Dalam sesi wawancara, Kapolres menyampaikan dukungan penuh terhadap penelitian ini.

"Kami sangat mengapresiasi penelitian yang memadukan kearifan lokal Dalihan Natolu dengan konsep restorative justice. Ini bukan hanya soal penyelesaian kasus, tapi juga menciptakan keadilan, kemanfaatan, dan kepastian hukum. Jika kearifan lokal ini dimaksimalkan, kami yakin angka anak yang berhadapan dengan hukum bisa ditekan secara signifikan," ujar AKBP Dr. Wira Prayatna.

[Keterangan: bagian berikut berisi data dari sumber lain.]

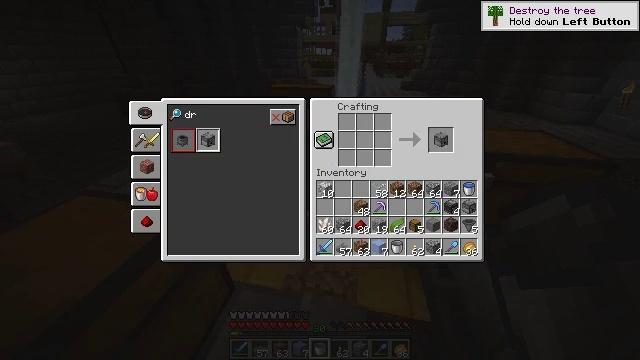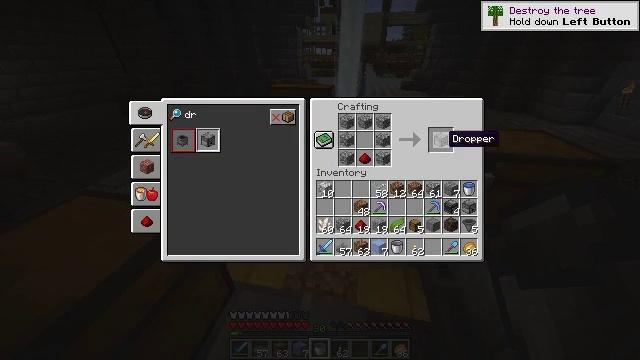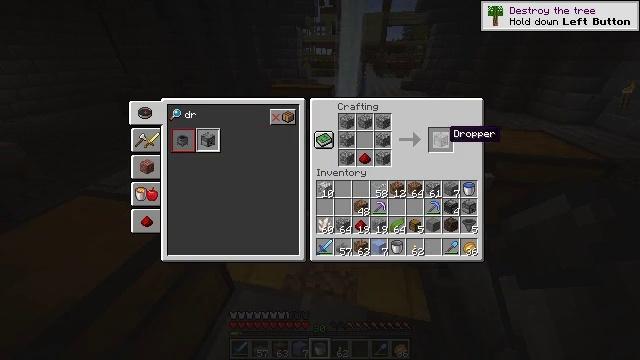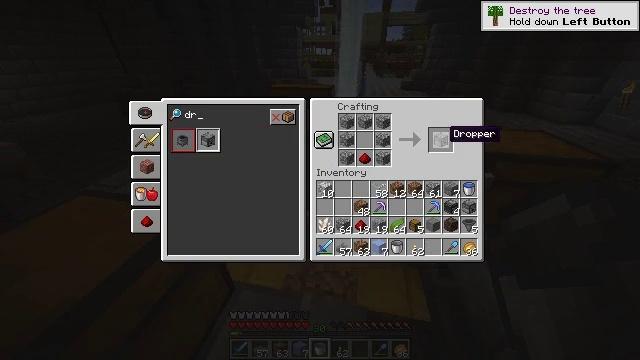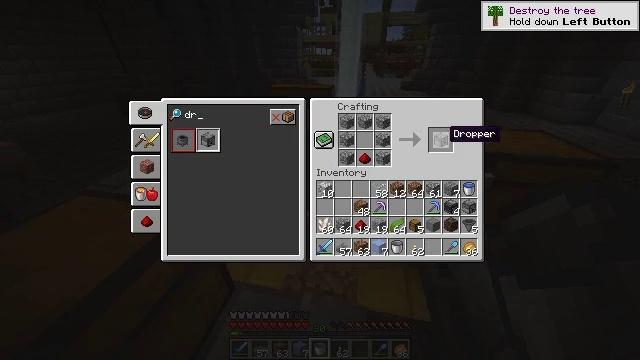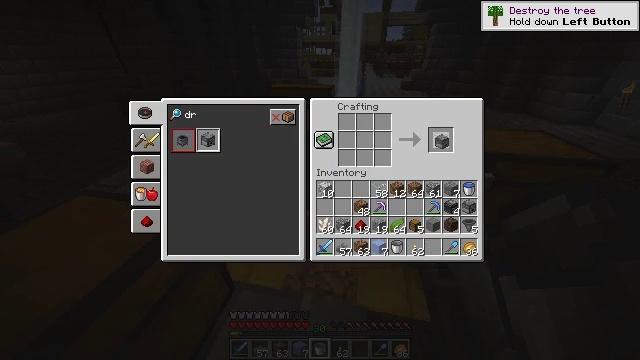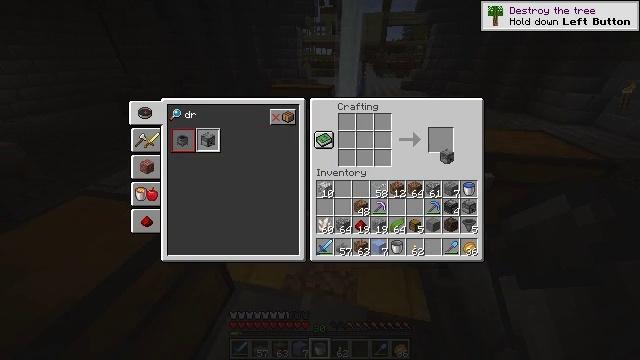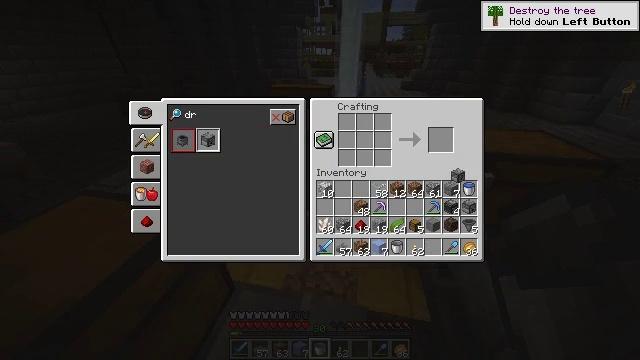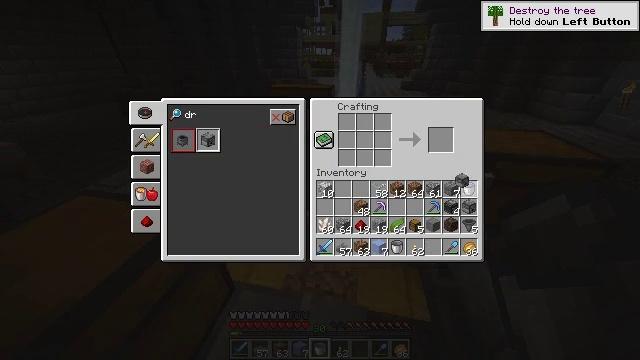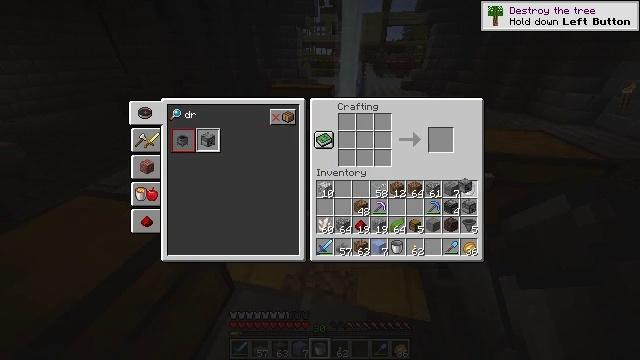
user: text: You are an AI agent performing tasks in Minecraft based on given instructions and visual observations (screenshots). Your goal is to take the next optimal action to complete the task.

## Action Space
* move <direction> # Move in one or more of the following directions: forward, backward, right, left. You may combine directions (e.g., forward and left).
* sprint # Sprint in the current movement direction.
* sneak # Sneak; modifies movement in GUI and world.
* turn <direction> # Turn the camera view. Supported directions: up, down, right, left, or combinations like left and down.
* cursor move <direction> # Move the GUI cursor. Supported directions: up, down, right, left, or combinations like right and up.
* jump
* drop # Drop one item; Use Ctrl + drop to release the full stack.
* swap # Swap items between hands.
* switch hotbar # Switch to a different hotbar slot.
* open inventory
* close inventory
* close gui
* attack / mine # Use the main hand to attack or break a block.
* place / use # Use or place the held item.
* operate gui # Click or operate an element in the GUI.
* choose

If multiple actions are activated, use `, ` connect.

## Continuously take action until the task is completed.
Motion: motion action
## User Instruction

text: Make a dropper using cobblestones and redstone in the crafting table.
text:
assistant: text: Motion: cursor move right and up
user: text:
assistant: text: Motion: no_op
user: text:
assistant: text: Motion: no_op
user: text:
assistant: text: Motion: no_op
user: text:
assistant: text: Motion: operate gui
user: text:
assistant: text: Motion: cursor move down, operate gui
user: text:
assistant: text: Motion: cursor move right and down
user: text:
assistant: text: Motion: no_op
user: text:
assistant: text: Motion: no_op
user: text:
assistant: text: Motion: no_op

Kanit PPA Aiptu Dahron Hrp menambahkan bahwa pihaknya rutin melakukan penyuluhan dan pendampingan terhadap anak-anak yang terlibat atau berpotensi terlibat masalah hukum. Langkah ini menjadi bagian dari strategi pencegahan yang proaktif.

Para penyidik PPA juga memaparkan sejumlah kasus anak yang pernah ditangani. Mereka menekankan bahwa penerapan prinsip Dalihan Natolu—yang mengedepankan musyawarah dan saling menghargai antar kerabat—terbukti membantu meredakan konflik dan mencegah proses hukum formal yang berlarut-larut.

Setelah diskusi di Polres, Dr. Marlina melanjutkan kunjungan ke Bagas Godang Raja Luat Losung Batu sekitar pukul 17.00 WIB. Ia disambut oleh Raja Luat Losung Batu Ahmad Rijal Harahap (Gelar: Sutan Raja Parhimpunan Harahap).

Dalam pertemuan itu, Ahmad Rijal menyatakan dukungan penuh terhadap penelitian ini. Menurutnya, Dalihan Natolu bukan hanya tradisi, tapi juga benteng moral masyarakat yang dapat dimanfaatkan untuk melindungi generasi muda dari jeratan hukum.

Penelitian ini juga membuka peluang kerja sama lebih erat antara Polres Padangsidimpuan dan akademisi USU dalam memperkuat pemahaman masyarakat tentang pentingnya Dalihan Natolu dalam pencegahan anak berhadapan dengan hukum.

Tak lupa, Kapolres AKBP Dr. Wira Prayatna menegaskan bahwa kolaborasi lintas sektor menjadi kunci keberhasilan.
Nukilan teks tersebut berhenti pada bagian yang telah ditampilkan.